Snoring is often underestimated as an uncomfortable habit during sleep. However, from a medical perspective, this may be a manifestation of respiratory disorders during sleep, directly affecting sleep quality, blood oxygen levels and long-term health.
According to Dr. Manav Manchanda - Director and Head of Respiratory, Intensive Care and Sleep Medicine Department, Asian Bengaluru Hospital (India), snoring occurs when the air flow through the nose and throat is partially obstructed during sleep, causing soft tissues to vibrate and make sounds. Factors such as nasal congestion, large tonsils, excessive development of soft tissues around the neck, backward tongue retreat or narrowed airways can all increase the risk of snoring, especially when sleeping deeply.
Snoring becomes worrying when accompanied by signs such as choking, hoarseness, sleep apnea, morning headaches, dry mouth, or excessive drowsiness during the day. These symptoms may be associated with sleep apnea syndrome, increasing the risk of high blood pressure, cardiovascular disease, and stroke if not detected early.
To control and reduce snoring, Dr. Manchanda recommends starting with correctly assessing the level of risk and not ignoring warning signs. Maintaining a healthy weight is important, because fat accumulation around the neck and upper airways increases the risk of sleep obstruction.
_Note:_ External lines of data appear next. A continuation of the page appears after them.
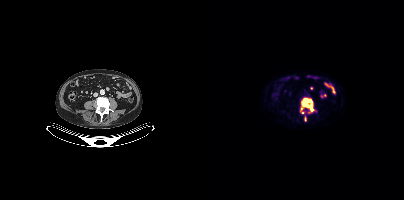
- Left: CT. Right: PSMA PET, same axial level, 18F tracer
- PET panel 200×200 px (4.1 mm/px)
Findings: Coordinates are on the 200×200 PET (right) panel. PSMA-avid tumor lesion bounding box (x, y, width, height): x=96 y=98 w=14 h=15. Small PSMA-avid focus (2 to 4 px across) near (center x, center y): (101, 119).
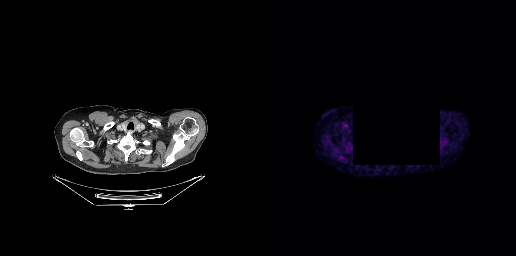
{"modality":"PSMA PET/CT","view":"axial","tracer":"[18F]PSMA-1007","pet_grid":[256,256],"coord_frame":"pet_panel","coord_format":"x0,y0,x1,y1","de-identification":"rectangular block set to black","psma_avid_lesions":false}
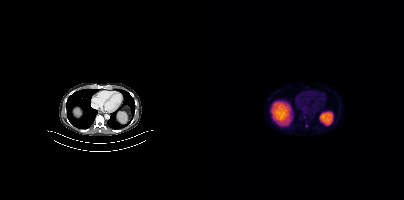
No tumor lesions annotated on this slice.
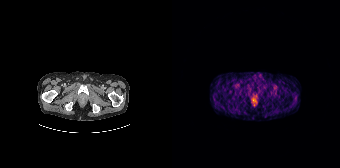
No tumor lesions annotated on this slice.
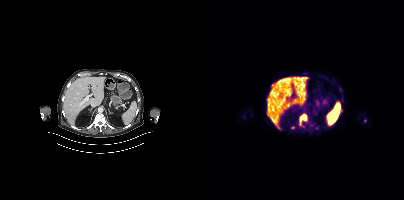
{"modality":"PSMA PET/CT","view":"axial","tracer":"18F","pet_grid":[200,200],"coord_frame":"pet_panel","coord_format":"x0,y0,x1,y1","partial":true,"lesion_bboxes":[[96,114,102,120],[135,101,137,105]],"small_foci_centers":[[87,127],[99,126],[160,120]]}
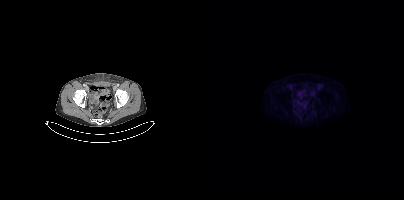
Findings: This slice has no annotated PSMA-avid lesion.
Technique: Left: CT. Right: PSMA PET, same axial level, 18F-PSMA tracer. PET panel 200×200 px (4.1 mm/px).
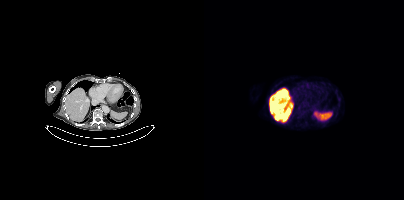
Negative for PSMA-avid disease on this slice.
modality: PSMA PET/CT | tracer: 18F | view: axial
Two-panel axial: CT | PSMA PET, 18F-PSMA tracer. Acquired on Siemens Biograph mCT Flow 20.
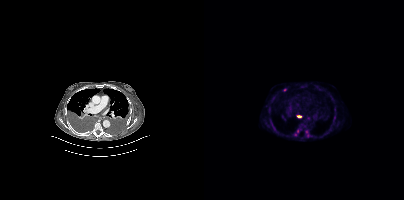
Coordinates are on the 200×200 PET (right) panel. PSMA-avid tumor lesion bounding boxes (x0,y0,x1,y1): [90,124,100,136], [101,130,106,137]. Small PSMA-avid foci (2 to 4 px across) near (center x, center y): (80, 90), (104, 118), (95, 116).
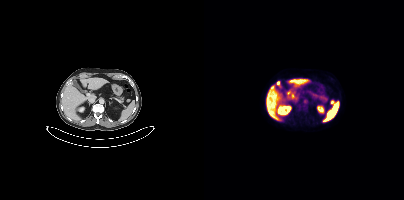
{"modality":"PSMA PET/CT","view":"axial","tracer":"18F-PSMA","pet_grid":[200,200],"coord_frame":"pet_panel","coord_format":"x0,y0,x1,y1","lesion_bboxes":[[127,100,131,104]]}
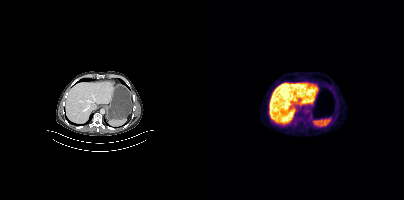
modality: PSMA PET/CT | tracer: 18F | view: axial | PET grid: 200×200
No tumor lesions annotated on this slice.
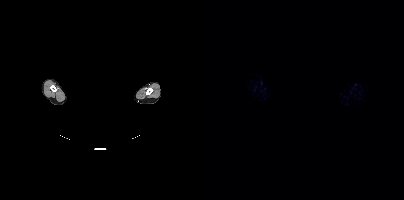
Technique: Left: CT. Right: PSMA PET, same axial level, [18F]PSMA-1007 tracer. PET panel 200×200 px (4.1 mm/px).
Note: Privacy masking over the head, with the pixels inside a rectangle set to black.
Findings: Negative for PSMA-avid disease on this slice.
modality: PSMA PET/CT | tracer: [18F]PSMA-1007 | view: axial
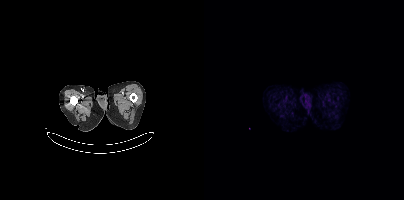
No tumor lesions annotated on this slice.
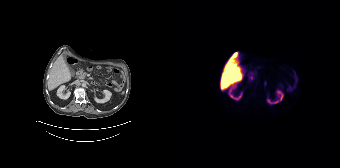
No PSMA-avid tumor lesions on this slice. Two-panel axial: CT | PSMA PET, 18F-PSMA tracer. Slice position z = -1254 mm.
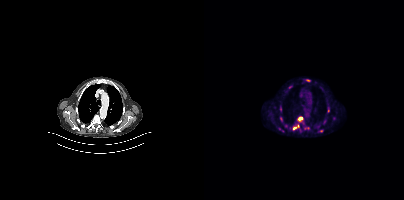
- Paired axial CT (left) and PSMA PET (right), 18F tracer
- slice position z = -1001 mm
- PET panel 200×200 px (4.1 mm/px)
Findings: Coordinates are on the 200×200 PET (right) panel. (showing 6 of 7 foci) PSMA-avid tumor lesion bounding boxes (x0,y0,x1,y1): [88,116,100,131] [100,127,105,129] [102,79,106,81]. Small PSMA-avid foci (2 to 4 px across) near (center x, center y): (76, 118) (121, 121) (117, 130).
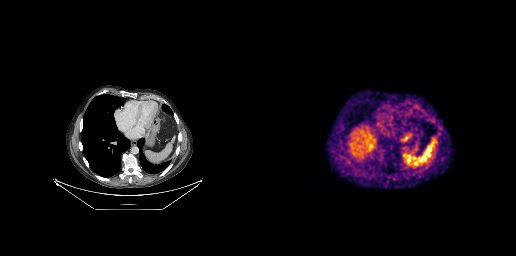
Paired axial CT (left) and PSMA PET (right), 68Ga tracer. Slice position z = -458 mm. PET panel 256×256 px (2.7 mm/px). Negative for PSMA-avid disease on this slice.
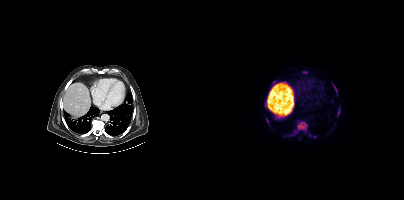
- Left: CT. Right: PSMA PET, same axial level, 18F-PSMA tracer
- slice position z = -1265 mm
Findings: Coordinates are on the 200×200 PET (right) panel. (showing 4 of 5 foci) PSMA-avid tumor lesion bounding boxes (x0, y0)-(x1, y1): (88, 120)-(103, 135) / (129, 85)-(133, 92) / (62, 118)-(65, 123) / (134, 110)-(135, 115).
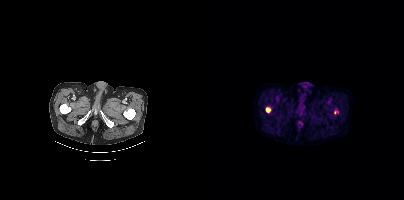
{"modality":"PSMA PET/CT","view":"axial","tracer":"18F-PSMA","pet_grid":[200,200],"coord_frame":"pet_panel","coord_format":"x0,y0,x1,y1","lesion_bboxes":[[62,107,66,112]],"small_foci_centers":[[131,112]]}
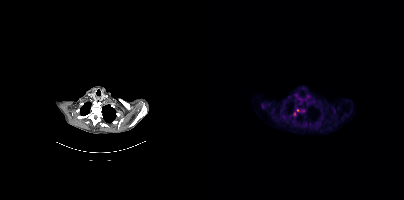
Coordinates are on the 200×200 PET (right) panel. Small PSMA-avid foci (2 to 4 px across) near (center x, center y): (93, 110) | (90, 114). Paired axial CT (left) and PSMA PET (right), 18F tracer.
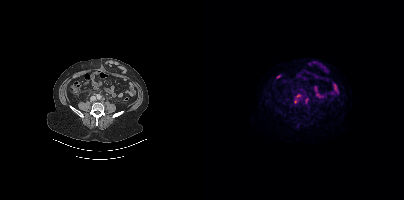
modality: PSMA PET/CT | tracer: [18F]PSMA-1007 | view: axial
Coordinates are on the 200×200 PET (right) panel. (showing 2 of 3 foci) Small PSMA-avid foci (2 to 4 px across) near (center x, center y): (94, 95) / (102, 100).
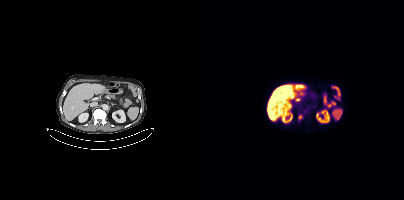
{"pet_grid":[200,200],"coord_frame":"pet_panel","coord_format":"x0,y0,x1,y1","lesion_bboxes":[[94,114,98,120]],"modality":"PSMA PET/CT","view":"axial","tracer":"[18F]PSMA-1007"}
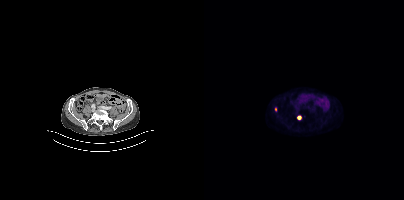
{"modality":"PSMA PET/CT","view":"axial","tracer":"18F-PSMA","pet_grid":[200,200],"coord_frame":"pet_panel","coord_format":"x0,y0,x1,y1","lesion_bboxes":[[93,116,97,119]],"small_foci_centers":[[71,109]]}
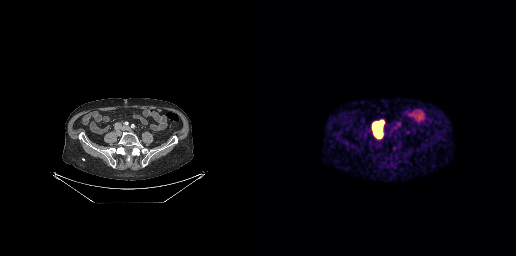
Coordinates are on the 256×256 PET (right) panel. PSMA-avid tumor lesion bounding box (x, y, width, height): x=114 y=123 w=8 h=14.
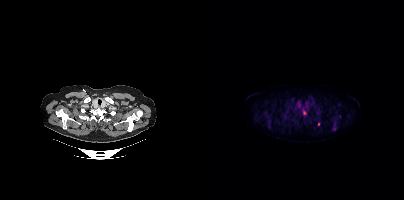
Two-panel axial: CT | PSMA PET, 18F-PSMA tracer.
Coordinates are on the 200×200 PET (right) panel. PSMA-avid tumor lesion bounding boxes (partial; 1 more focus not listed):
| # | x0 | y0 | x1 | y1 |
|---|---|---|---|---|
| 1 | 127 | 119 | 134 | 131 |
| 2 | 98 | 109 | 102 | 115 |
| 3 | 92 | 115 | 94 | 120 |
Small PSMA-avid foci (2 to 4 px across) near (center x, center y): (115, 124); (61, 113).

Sleeping posture also directly affects breathing. Sleeping on your back easily causes the tongue and soft tissues to fall backwards, narrowing the airway, while sleeping on your side helps maintain a clearer air flow. In addition, maintaining regular sleep hours helps limit excessive throat muscle relaxation due to lack of sleep, thereby reducing snoring levels.
Alcohol and some sedatives can relax the throat muscles, making snoring worse. Therefore, these substances should be avoided at least three to four hours before bed. At the same time, proper treatment of conditions such as nasal congestion, sinusitis and allergies helps improve nasal respiration, limiting oral breathing while sleeping.
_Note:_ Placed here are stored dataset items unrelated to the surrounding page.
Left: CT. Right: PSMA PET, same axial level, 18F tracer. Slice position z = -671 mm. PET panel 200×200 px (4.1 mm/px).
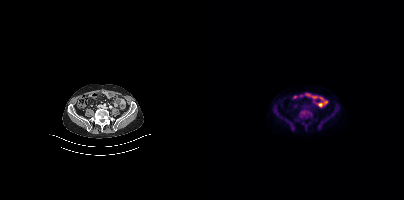
No tumor lesions annotated on this slice.
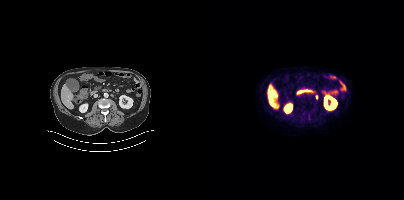
Findings: Coordinates are on the 200×200 PET (right) panel. (showing 1 of 2 foci) Small PSMA-avid focus (2 to 4 px across) near (center x, center y): (112, 97).
Technique: Paired axial CT (left) and PSMA PET (right), [18F]PSMA-1007 tracer. acquired on Siemens Biograph mCT Flow 20. PET panel 200×200 px (4.1 mm/px).
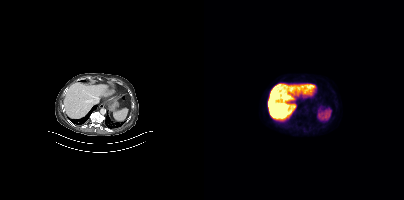
This slice has no annotated PSMA-avid lesion.
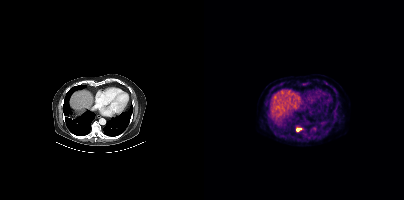
Findings: Coordinates are on the 200×200 PET (right) panel. PSMA-avid tumor lesion bounding box (x0,y0,x1,y1): [92,128,97,131].
Technique: Two-panel axial: CT | PSMA PET, [18F]PSMA-1007 tracer. acquired on Siemens Biograph mCT Flow 20. PET panel 200×200 px (4.1 mm/px).
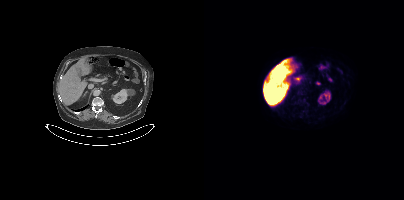
No tumor lesions annotated on this slice.
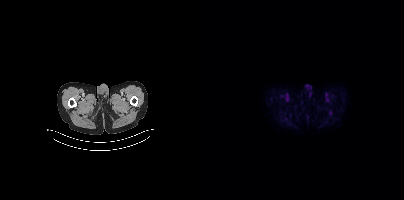
No tumor lesions annotated on this slice.
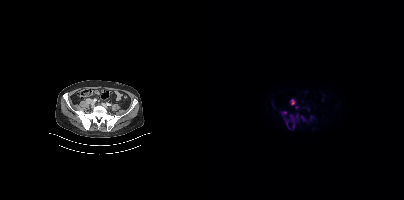
Coordinates are on the 200×200 PET (right) panel. (showing 4 of 6 foci) PSMA-avid tumor lesion bounding boxes (x0, y0)-(x1, y1): (80, 113)-(102, 129) / (87, 99)-(91, 104) / (106, 116)-(110, 120) / (78, 111)-(82, 115).
modality: PSMA PET/CT | tracer: 18F-PSMA | view: axial
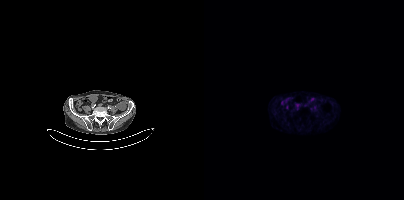
{"modality":"PSMA PET/CT","view":"axial","tracer":"[18F]PSMA-1007","pet_grid":[200,200],"coord_frame":"pet_panel","coord_format":"x0,y0,x1,y1","psma_avid_lesions":false}
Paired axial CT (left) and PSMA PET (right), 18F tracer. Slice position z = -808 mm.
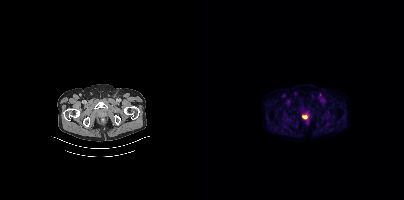
Coordinates are on the 200×200 PET (right) panel. PSMA-avid tumor lesion bounding boxes:
| # | x0 | y0 | x1 | y1 |
|---|---|---|---|---|
| 1 | 98 | 115 | 103 | 119 |
Small PSMA-avid focus (2 to 4 px across) near (center x, center y): (116, 95).
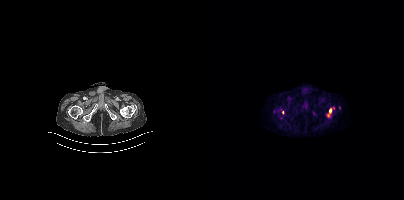
Coordinates are on the 200×200 PET (right) panel. (showing 4 of 5 foci) PSMA-avid tumor lesion bounding boxes (x, y, width, height): x=122 y=107 w=9 h=11 / x=78 y=110 w=3 h=5. Small PSMA-avid foci (2 to 4 px across) near (center x, center y): (77, 117) / (135, 107).
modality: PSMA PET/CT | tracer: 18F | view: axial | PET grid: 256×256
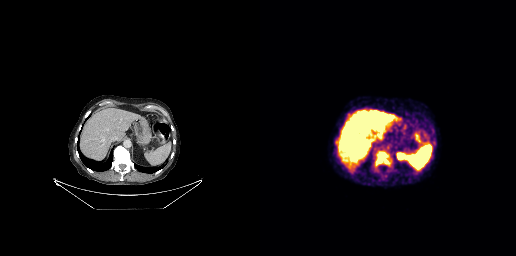
Coordinates are on the 256×256 PET (right) panel. PSMA-avid tumor lesion bounding boxes (x, y, width, height): x=115 y=152 w=16 h=14 | x=172 y=129 w=2 h=5.
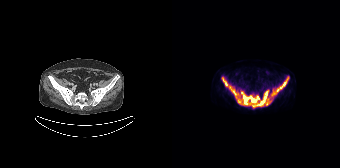
{"modality":"PSMA PET/CT","view":"axial","tracer":"18F","pet_grid":[168,168],"coord_frame":"pet_panel","coord_format":"x0,y0,x1,y1","lesion_bboxes":[[57,77,116,107],[50,77,55,86]]}

Paying attention to sleep hygiene is also very necessary. Keeping the bedroom clean, reducing dust and smoke, combined with using a humidifier can help limit irritation of the respiratory tract. In addition, exercises to strengthen the throat and tongue muscles, such as breathing exercises or singing, contribute to improving muscle tone and supporting long-term snoring reduction.
In addition, drinking enough water every day helps prevent secretions in the nose and throat from becoming thicker, which makes snoring more pronounced. In cases of prolonged snoring, affecting daily life or cardiovascular health, specialist examinations and sleep tests are necessary to detect early and intervene promptly in potential diseases.